## What you have to do:
Reproduce, exactly and in full, the records that follow, minus any pictures.

>>>>

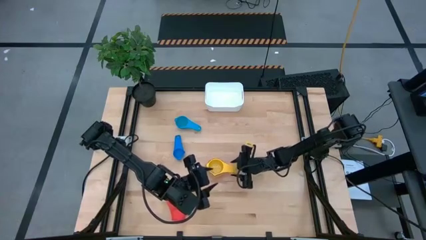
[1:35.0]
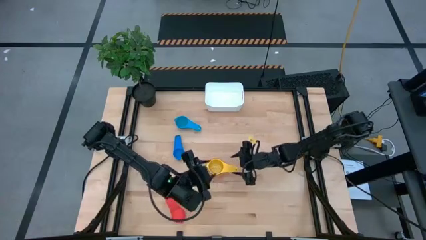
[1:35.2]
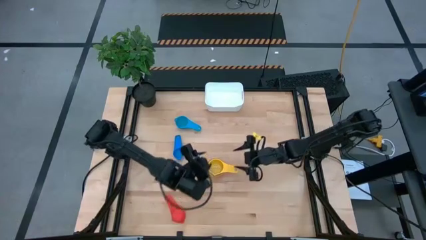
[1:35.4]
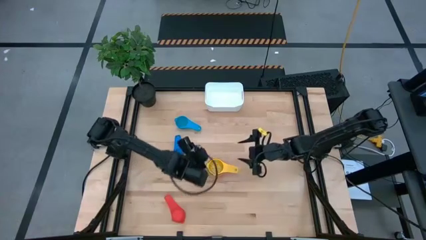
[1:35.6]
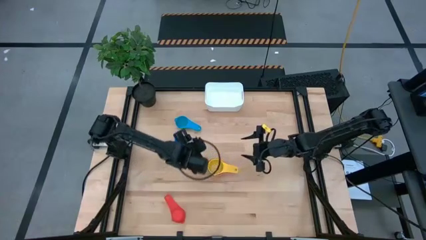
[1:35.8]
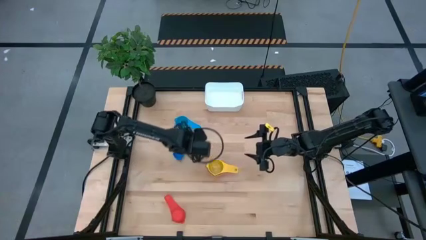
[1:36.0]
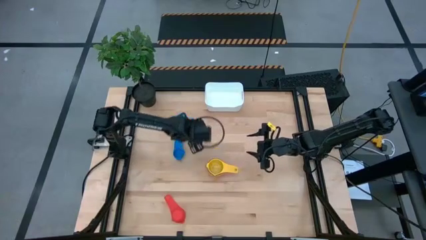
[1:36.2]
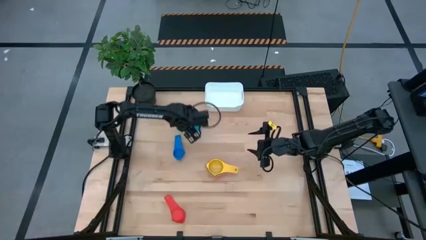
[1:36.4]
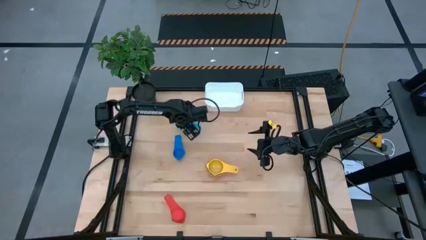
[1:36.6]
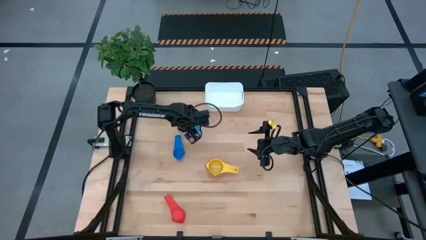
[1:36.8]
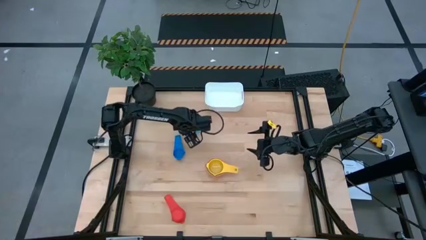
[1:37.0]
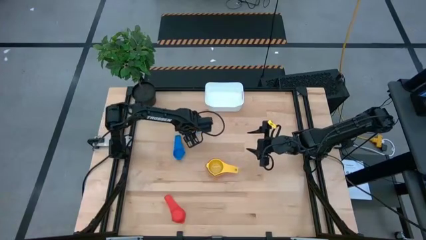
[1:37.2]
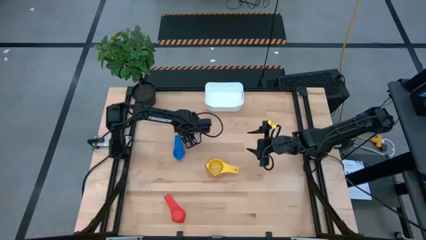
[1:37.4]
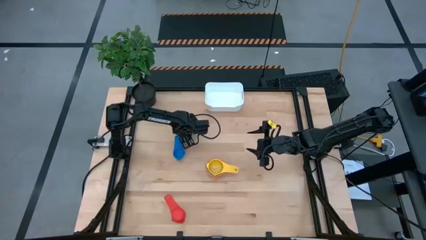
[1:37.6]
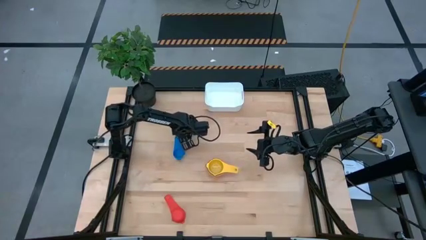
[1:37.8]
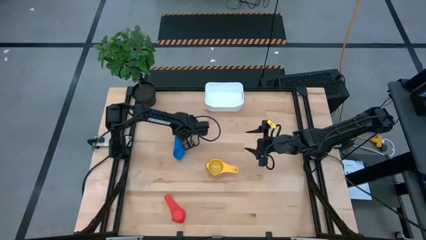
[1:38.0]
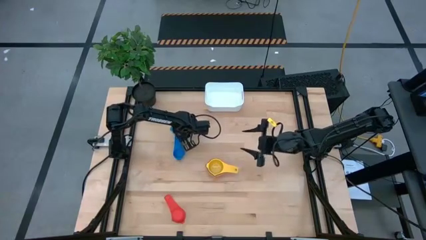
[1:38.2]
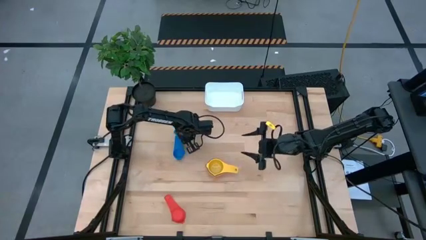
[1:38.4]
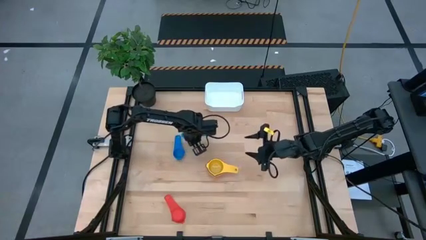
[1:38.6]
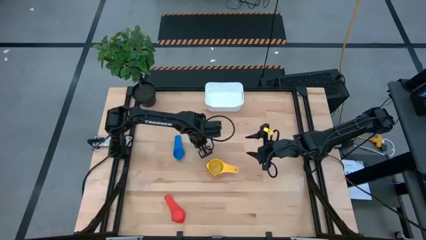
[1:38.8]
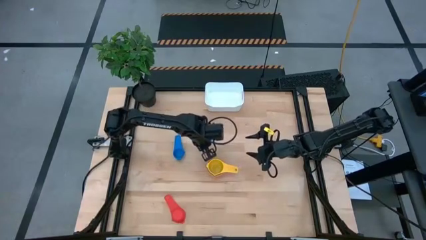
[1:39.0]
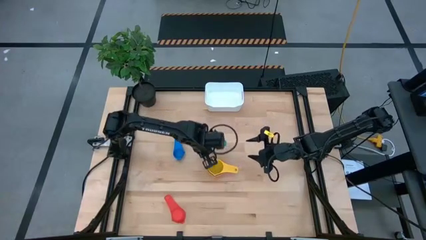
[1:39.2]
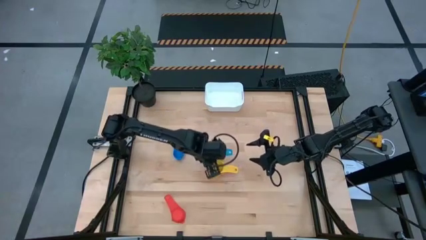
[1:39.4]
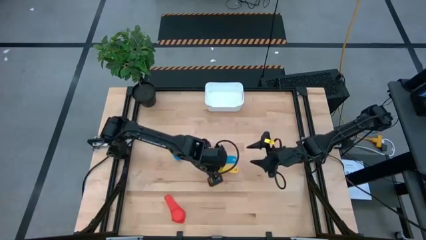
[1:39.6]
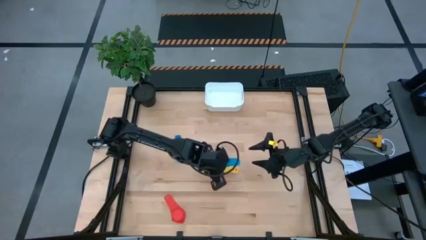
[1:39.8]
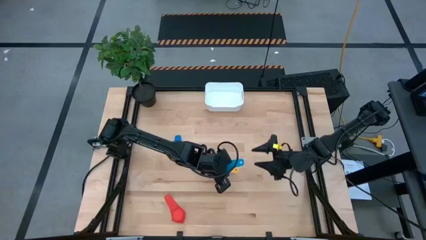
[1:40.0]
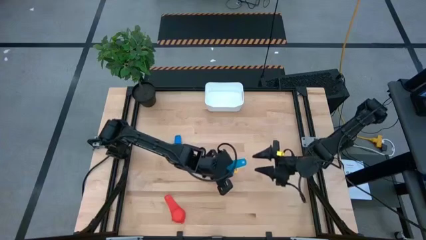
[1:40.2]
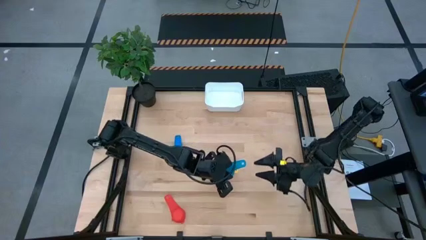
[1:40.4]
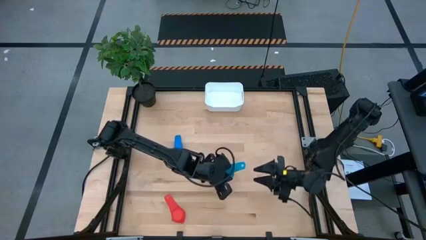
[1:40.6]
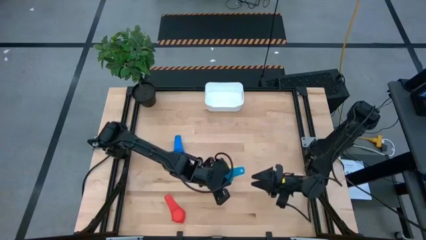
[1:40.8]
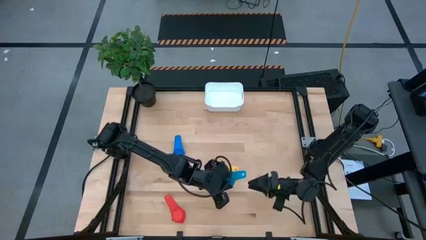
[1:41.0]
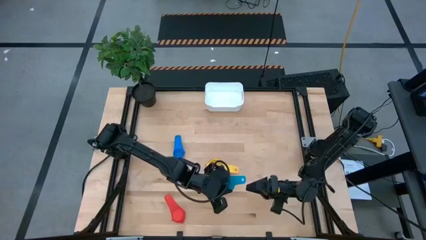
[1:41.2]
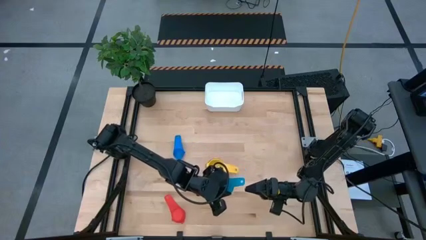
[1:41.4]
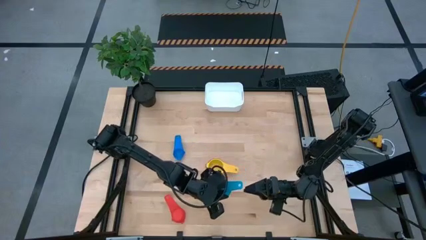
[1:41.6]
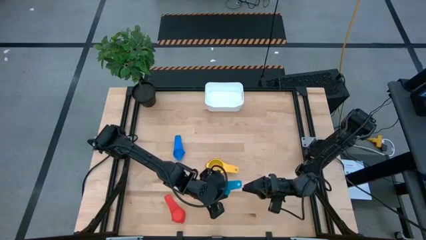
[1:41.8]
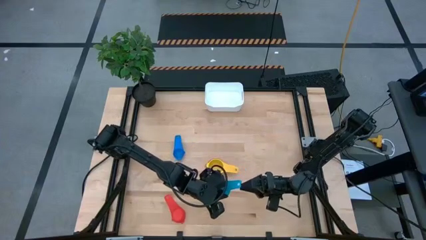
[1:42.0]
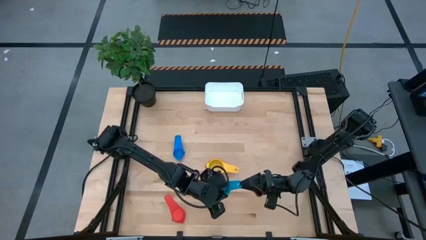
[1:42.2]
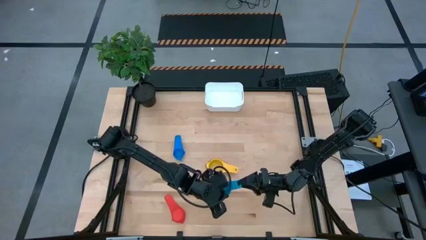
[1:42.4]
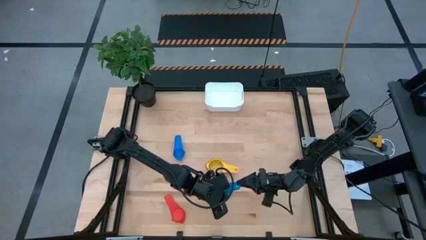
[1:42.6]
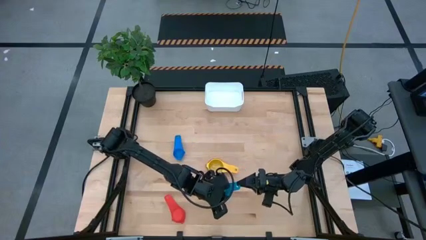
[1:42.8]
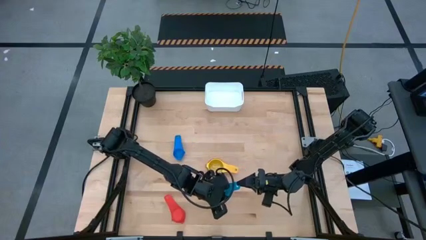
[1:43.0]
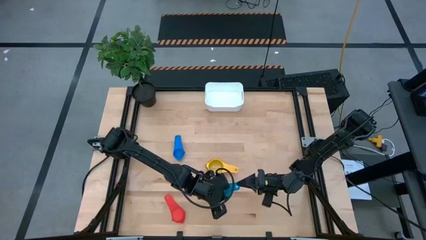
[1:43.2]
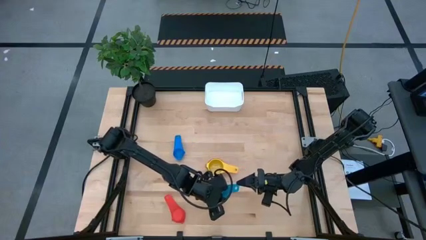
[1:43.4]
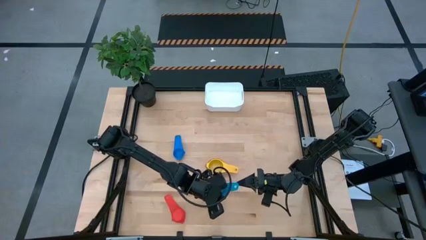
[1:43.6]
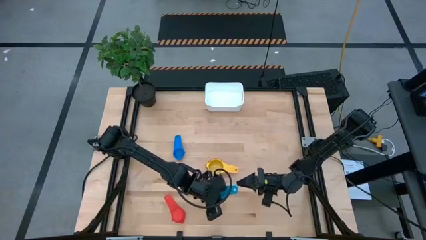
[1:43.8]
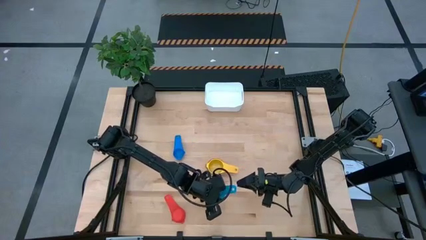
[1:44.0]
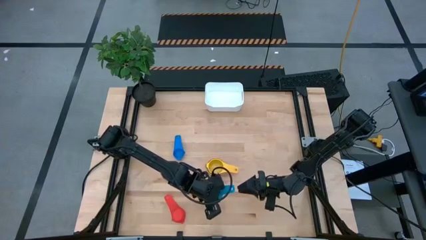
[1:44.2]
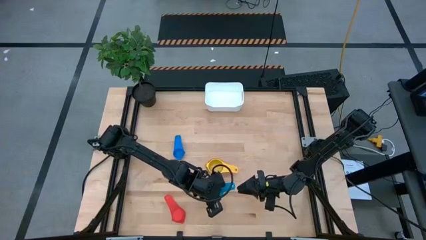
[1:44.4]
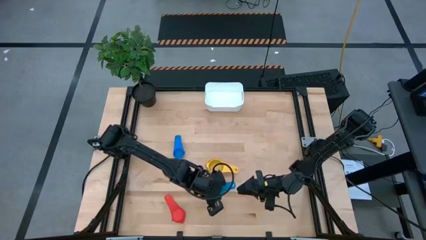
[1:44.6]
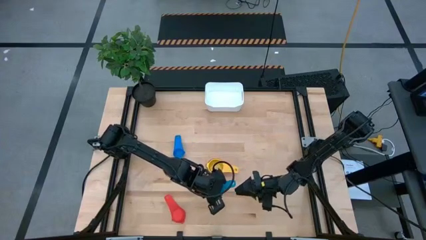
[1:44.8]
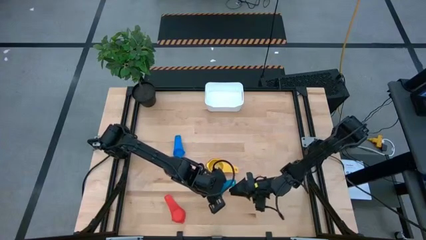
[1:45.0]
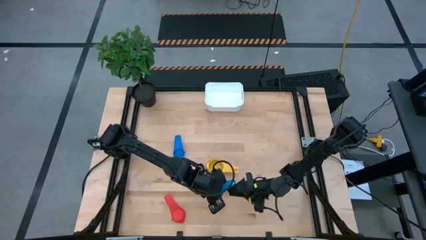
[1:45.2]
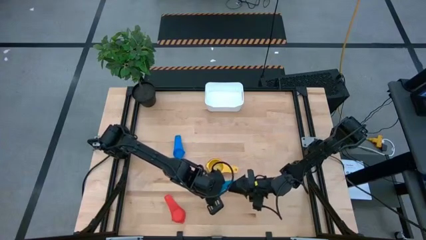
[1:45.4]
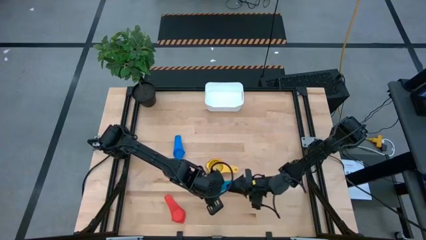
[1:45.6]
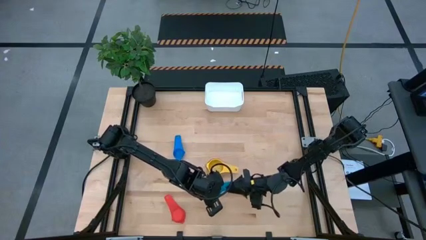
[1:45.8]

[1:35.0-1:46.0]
Task: Nest measuring cups in basket
Stack the light blue measuring cup on top of the yellow measuring cup

<<<<

## Answer for this exercise:
[1:35.0]
[1:35.2]
[1:35.4]
[1:35.6]
[1:35.8]
[1:36.0]
[1:36.2]
[1:36.4]
[1:36.6]
[1:36.8]
[1:37.0]
[1:37.2]
[1:37.4]
[1:37.6]
[1:37.8]
[1:38.0]
[1:38.2]
[1:38.4]
[1:38.6]
[1:38.8]
[1:39.0]
[1:39.2]
[1:39.4]
[1:39.6]
[1:39.8]
[1:40.0]
[1:40.2]
[1:40.4]
[1:40.6]
[1:40.8]
[1:41.0]
[1:41.2]
[1:41.4]
[1:41.6]
[1:41.8]
[1:42.0]
[1:42.2]
[1:42.4]
[1:42.6]
[1:42.8]
[1:43.0]
[1:43.2]
[1:43.4]
[1:43.6]
[1:43.8]
[1:44.0]
[1:44.2]
[1:44.4]
[1:44.6]
[1:44.8]
[1:45.0]
[1:45.2]
[1:45.4]
[1:45.6]
[1:45.8]

[1:35.0-1:46.0]
Task: Nest measuring cups in basket
Stack the light blue measuring cup on top of the yellow measuring cup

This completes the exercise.